§ Provided data:

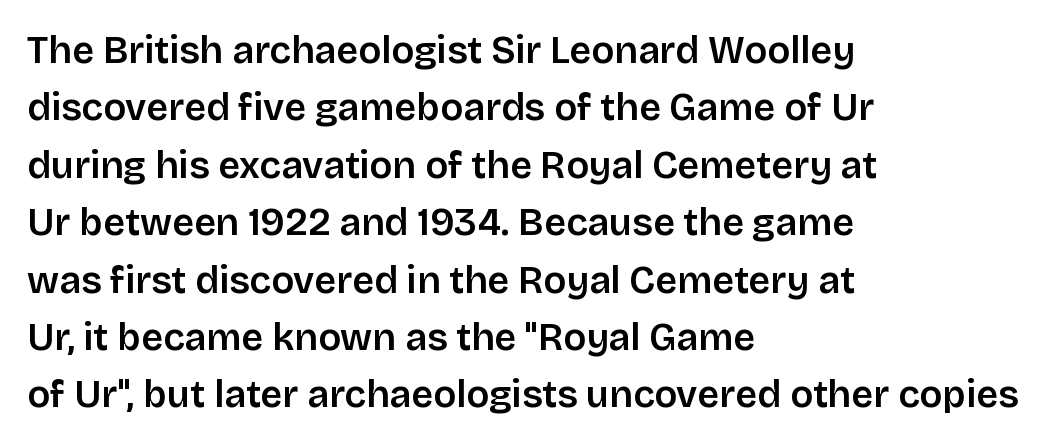
These lines are set flush left with a ragged right edge. The text was rendered using a sans face with plain stroke endings. This sample uses plain, unmodified letter spacing. Beneath every word, the page is bare. The font's upright variant was chosen for this text.
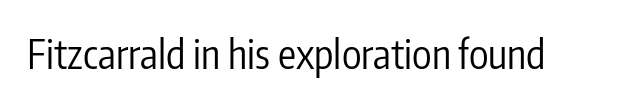
Q: Is the text bold? A: No.
Q: Is the text italic (slanted)? A: No, it is upright.
Q: Is the typeface a serif or a sans-serif typeface? A: Sans-serif.
Q: Is the text underlined? A: No.
Q: Is the spacing between letters normal or unusually wide? A: Normal.
Q: Width (condensed, normal, or wide)? A: Condensed.
Q: Stroke contrast? A: Low.
Q: x-height? A: Medium.
Q: Monospaced? A: No.
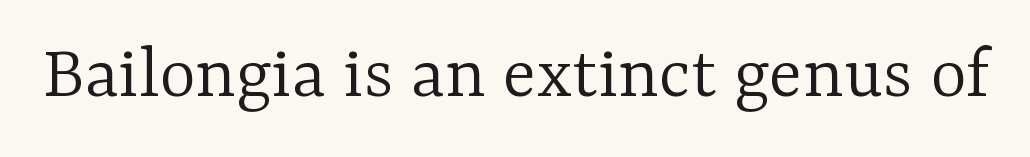
The image shows 78 px light serif type, upright; set normal letter spacing, not underlined; low stroke contrast and a medium x-height.
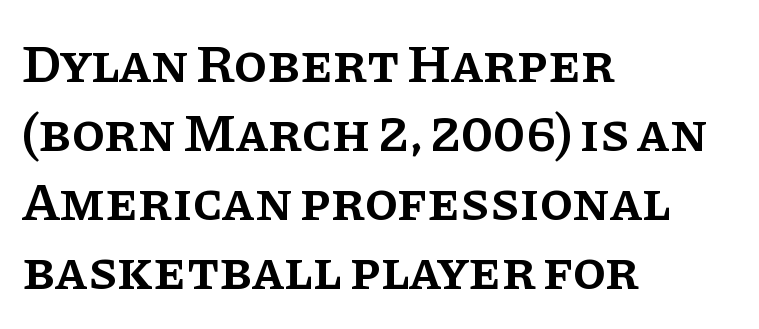
{"serif": "yes", "italic": "no", "bold": "semi", "weight": "semibold", "width": "normal", "stroke_contrast": "low", "x_height": "large", "monospaced": "no", "underline": "no", "align": "left", "line_spacing": "normal", "line_spacing_ratio": 1.28, "letter_spacing": "normal", "letter_spacing_em": 0.0, "glyph_px": 54}
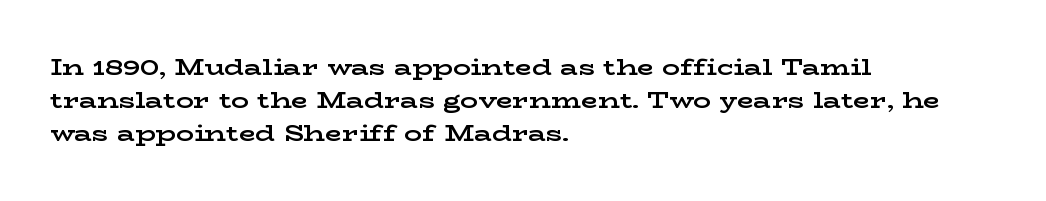
{"italic": "no", "bold": "yes", "underline": "no", "align": "left", "line_spacing": "normal", "line_spacing_ratio": 1.49, "letter_spacing": "normal", "letter_spacing_em": 0.0, "glyph_px": 22}
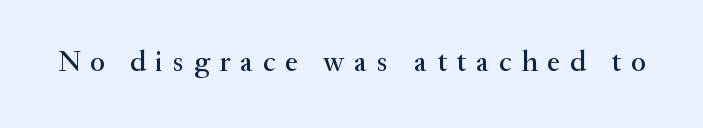
The image shows 29 px serif type, upright; set unusually wide letter spacing (+0.34 em), not underlined; medium stroke contrast and a small x-height.
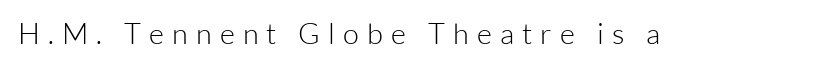
{"serif": "no", "italic": "no", "bold": "no", "weight": "light", "width": "normal", "stroke_contrast": "low", "x_height": "medium", "monospaced": "no", "underline": "no", "letter_spacing": "wide", "letter_spacing_em": 0.28, "glyph_px": 29}
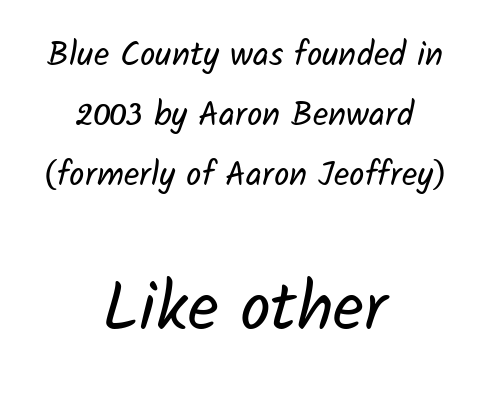
The image shows 68 px regular-weight sans-serif type; set centered, line spacing 1.76x, normal letter spacing, not underlined; the second (bottom) block is 2.0x larger; low stroke contrast and a medium x-height.
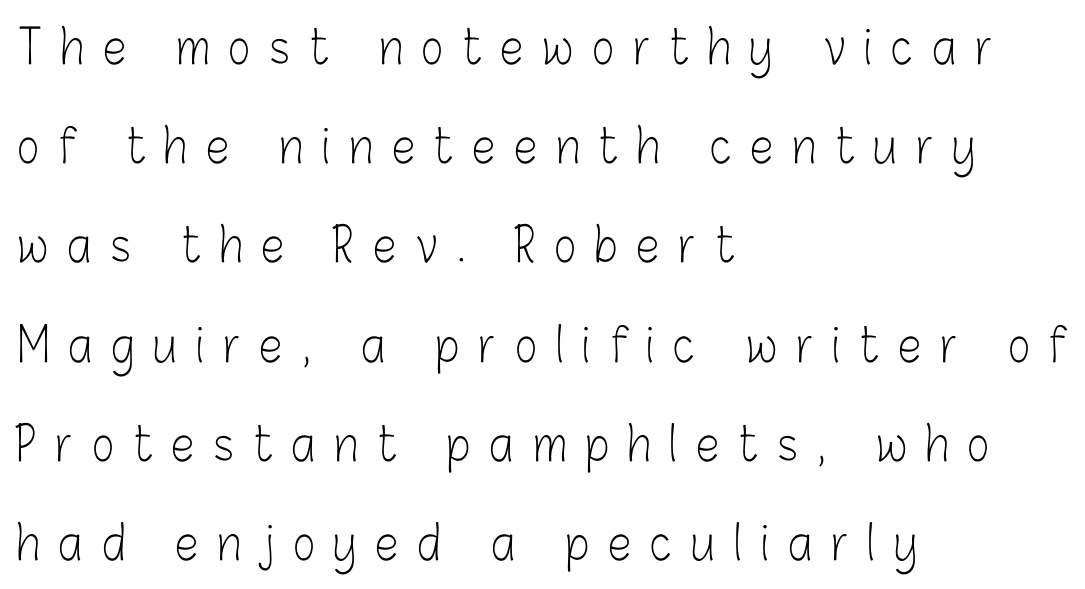
Nope, no serifs anywhere on these letters. Descenders are the only things crossing below the line. Airy leading. Every row of glyphs begins at an identical x-position on the left. This sample uses an upright cut, with every glyph sitting square on the baseline. This reads as an unemphasized weight, regular at the heaviest.
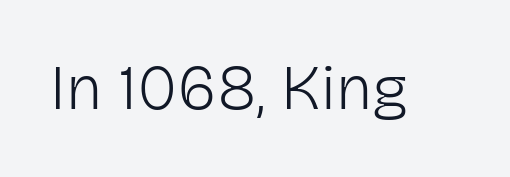
The image shows 63 px light sans-serif type, upright; set normal letter spacing, not underlined; low stroke contrast and a medium x-height.
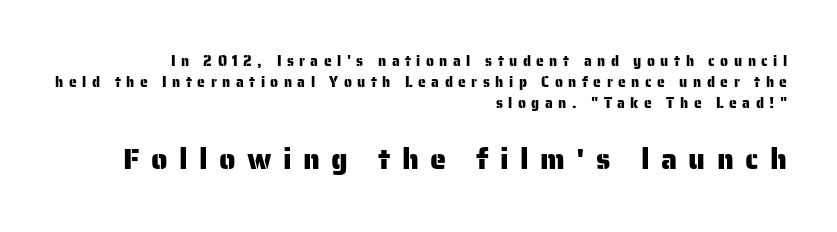
The image shows 29 px sans-serif type, upright; set right-aligned, normal line spacing (1.49x), unusually wide letter spacing (+0.39 em), not underlined; the second (bottom) block is 2.07x larger; low stroke contrast and a medium x-height.
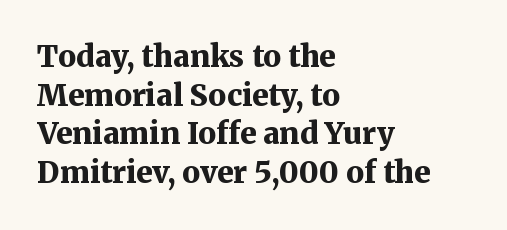
The image shows 30 px bold serif type, upright; set left-aligned, normal line spacing (1.29x), normal letter spacing, not underlined; medium stroke contrast and a medium x-height.
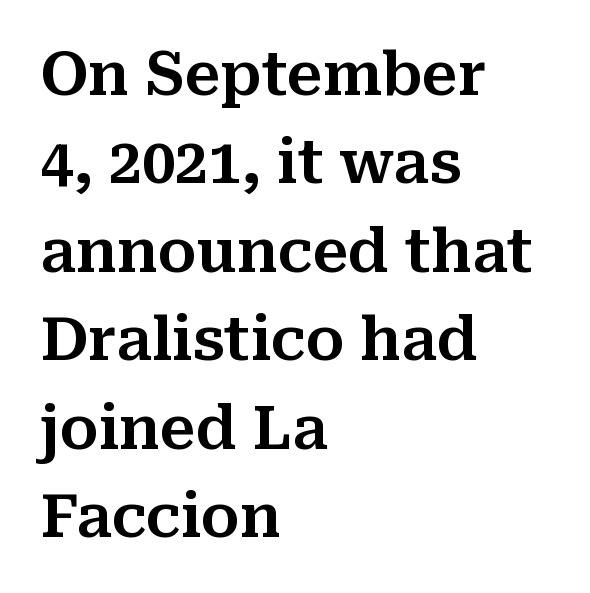
{"serif": "yes", "italic": "no", "width": "normal", "stroke_contrast": "medium", "x_height": "medium", "monospaced": "no", "underline": "no", "align": "left", "line_spacing": "normal", "line_spacing_ratio": 1.5, "letter_spacing": "normal", "letter_spacing_em": 0.0, "glyph_px": 59}
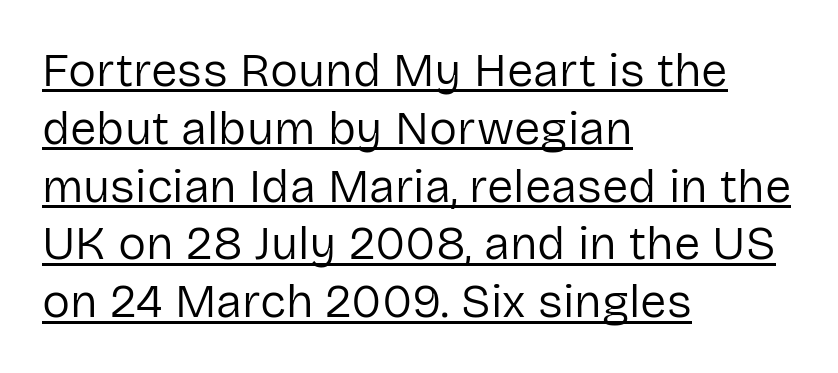
The image shows 47 px regular-weight sans-serif type, upright; set left-aligned, line spacing 1.23x, normal letter spacing, underlined; low stroke contrast and a medium x-height.
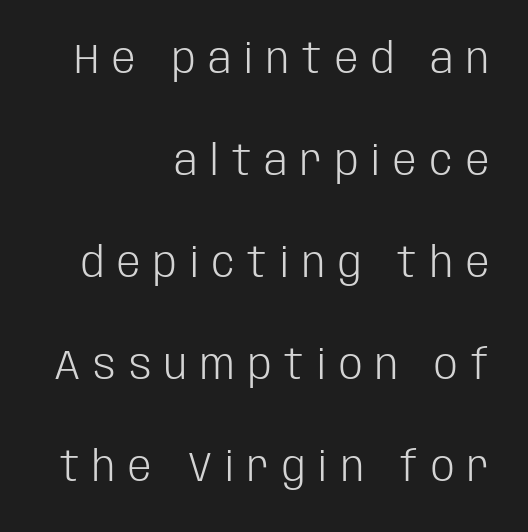
{"serif": "no", "italic": "no", "bold": "no", "weight": "light", "width": "condensed", "stroke_contrast": "low", "x_height": "large", "monospaced": "no", "underline": "no", "align": "right", "line_spacing": "loose", "line_spacing_ratio": 2.43, "letter_spacing": "wide", "letter_spacing_em": 0.31, "glyph_px": 42}
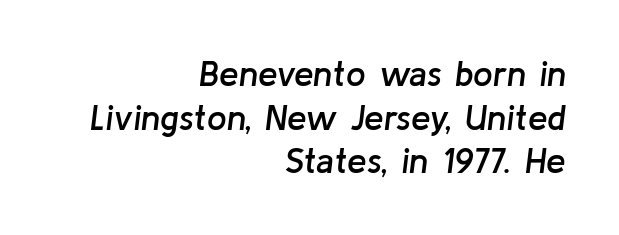
The image shows 35 px semibold type, italic (leaning right); set right-aligned, normal line spacing (1.25x), normal letter spacing, not underlined; low stroke contrast and a medium x-height.
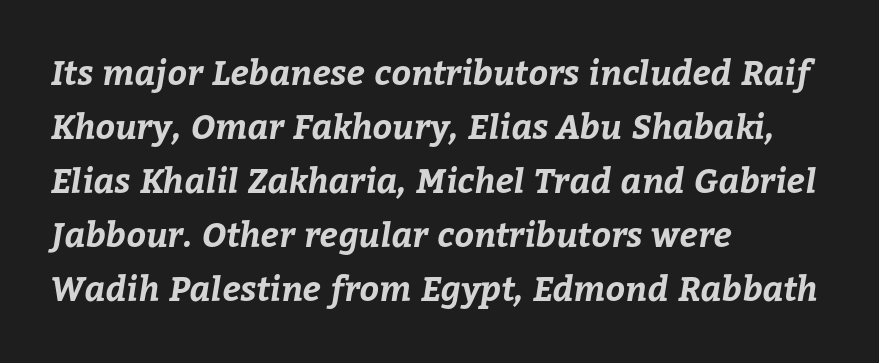
Q: Is the text bold? A: Yes.
Q: Is the text underlined? A: No.
Q: How is the paragraph aligned? A: Left-aligned.
Q: Is the spacing between letters normal or unusually wide? A: Normal.
Q: Is the spacing between lines tight, normal or loose? A: Normal.
Q: Width (condensed, normal, or wide)? A: Normal.
Q: Stroke contrast? A: Low.
Q: x-height? A: Medium.
Q: Monospaced? A: No.
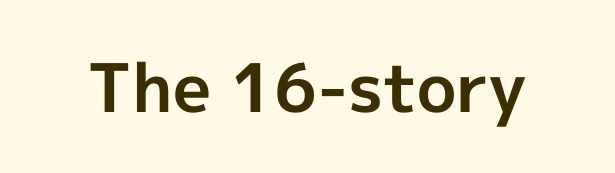
Q: Is the text bold? A: Yes.
Q: Is the text italic (slanted)? A: No, it is upright.
Q: Is the typeface a serif or a sans-serif typeface? A: Sans-serif.
Q: Is the text underlined? A: No.
Q: Is the spacing between letters normal or unusually wide? A: Normal.
Q: Width (condensed, normal, or wide)? A: Normal.
Q: x-height? A: Medium.
Q: Monospaced? A: No.
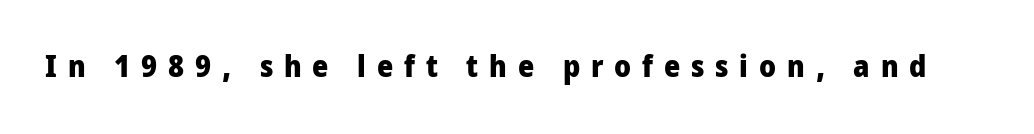
Q: Is the text bold? A: Yes.
Q: Is the text italic (slanted)? A: No, it is upright.
Q: Is the typeface a serif or a sans-serif typeface? A: Sans-serif.
Q: Is the text underlined? A: No.
Q: Is the spacing between letters normal or unusually wide? A: Unusually wide.
Q: Width (condensed, normal, or wide)? A: Condensed.
Q: Stroke contrast? A: Low.
Q: x-height? A: Large.
Q: Monospaced? A: No.
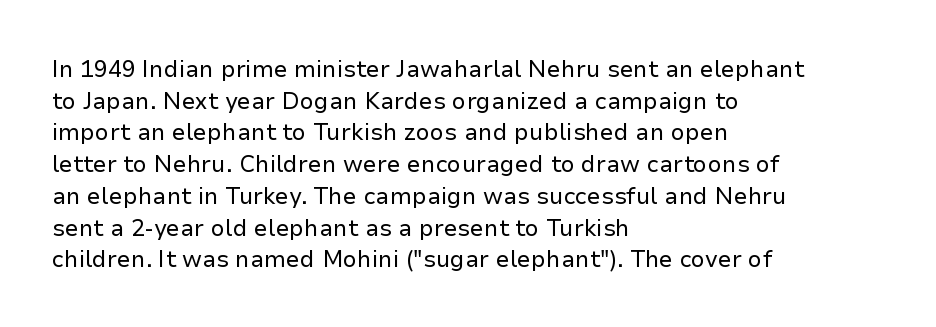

§ What is needed:
Although the entries contain pictures, copy everything else in them exactly.

§ Your solution:
These lines are set flush left with a ragged right edge. The text was rendered using a sans face with plain stroke endings. This sample uses plain, unmodified letter spacing. Beneath every word, the page is bare. The font's upright variant was chosen for this text.
Q: Is the text bold? A: No.
Q: Is the text italic (slanted)? A: No, it is upright.
Q: Is the typeface a serif or a sans-serif typeface? A: Sans-serif.
Q: Is the text underlined? A: No.
Q: Is the spacing between letters normal or unusually wide? A: Normal.
Q: Width (condensed, normal, or wide)? A: Condensed.
Q: Stroke contrast? A: Low.
Q: x-height? A: Medium.
Q: Monospaced? A: No.
The image shows 78 px light serif type, upright; set normal letter spacing, not underlined; low stroke contrast and a medium x-height.
{"serif": "yes", "italic": "no", "bold": "semi", "weight": "semibold", "width": "normal", "stroke_contrast": "low", "x_height": "large", "monospaced": "no", "underline": "no", "align": "left", "line_spacing": "normal", "line_spacing_ratio": 1.28, "letter_spacing": "normal", "letter_spacing_em": 0.0, "glyph_px": 54}
{"italic": "no", "bold": "yes", "underline": "no", "align": "left", "line_spacing": "normal", "line_spacing_ratio": 1.49, "letter_spacing": "normal", "letter_spacing_em": 0.0, "glyph_px": 22}
The image shows 29 px serif type, upright; set unusually wide letter spacing (+0.34 em), not underlined; medium stroke contrast and a small x-height.
{"serif": "no", "italic": "no", "bold": "no", "weight": "light", "width": "normal", "stroke_contrast": "low", "x_height": "medium", "monospaced": "no", "underline": "no", "letter_spacing": "wide", "letter_spacing_em": 0.28, "glyph_px": 29}
The image shows 68 px regular-weight sans-serif type; set centered, line spacing 1.76x, normal letter spacing, not underlined; the second (bottom) block is 2.0x larger; low stroke contrast and a medium x-height.
Nope, no serifs anywhere on these letters. Descenders are the only things crossing below the line. Airy leading. Every row of glyphs begins at an identical x-position on the left. This sample uses an upright cut, with every glyph sitting square on the baseline. This reads as an unemphasized weight, regular at the heaviest.
The image shows 63 px light sans-serif type, upright; set normal letter spacing, not underlined; low stroke contrast and a medium x-height.
The image shows 29 px sans-serif type, upright; set right-aligned, normal line spacing (1.49x), unusually wide letter spacing (+0.39 em), not underlined; the second (bottom) block is 2.07x larger; low stroke contrast and a medium x-height.
The image shows 30 px bold serif type, upright; set left-aligned, normal line spacing (1.29x), normal letter spacing, not underlined; medium stroke contrast and a medium x-height.
{"serif": "yes", "italic": "no", "width": "normal", "stroke_contrast": "medium", "x_height": "medium", "monospaced": "no", "underline": "no", "align": "left", "line_spacing": "normal", "line_spacing_ratio": 1.5, "letter_spacing": "normal", "letter_spacing_em": 0.0, "glyph_px": 59}
The image shows 47 px regular-weight sans-serif type, upright; set left-aligned, line spacing 1.23x, normal letter spacing, underlined; low stroke contrast and a medium x-height.
{"serif": "no", "italic": "no", "bold": "no", "weight": "light", "width": "condensed", "stroke_contrast": "low", "x_height": "large", "monospaced": "no", "underline": "no", "align": "right", "line_spacing": "loose", "line_spacing_ratio": 2.43, "letter_spacing": "wide", "letter_spacing_em": 0.31, "glyph_px": 42}
The image shows 35 px semibold type, italic (leaning right); set right-aligned, normal line spacing (1.25x), normal letter spacing, not underlined; low stroke contrast and a medium x-height.
Q: Is the text bold? A: Yes.
Q: Is the text underlined? A: No.
Q: How is the paragraph aligned? A: Left-aligned.
Q: Is the spacing between letters normal or unusually wide? A: Normal.
Q: Is the spacing between lines tight, normal or loose? A: Normal.
Q: Width (condensed, normal, or wide)? A: Normal.
Q: Stroke contrast? A: Low.
Q: x-height? A: Medium.
Q: Monospaced? A: No.
Q: Is the text bold? A: Yes.
Q: Is the text italic (slanted)? A: No, it is upright.
Q: Is the typeface a serif or a sans-serif typeface? A: Sans-serif.
Q: Is the text underlined? A: No.
Q: Is the spacing between letters normal or unusually wide? A: Normal.
Q: Width (condensed, normal, or wide)? A: Normal.
Q: x-height? A: Medium.
Q: Monospaced? A: No.
Q: Is the text bold? A: Yes.
Q: Is the text italic (slanted)? A: No, it is upright.
Q: Is the typeface a serif or a sans-serif typeface? A: Sans-serif.
Q: Is the text underlined? A: No.
Q: Is the spacing between letters normal or unusually wide? A: Unusually wide.
Q: Width (condensed, normal, or wide)? A: Condensed.
Q: Stroke contrast? A: Low.
Q: x-height? A: Large.
Q: Monospaced? A: No.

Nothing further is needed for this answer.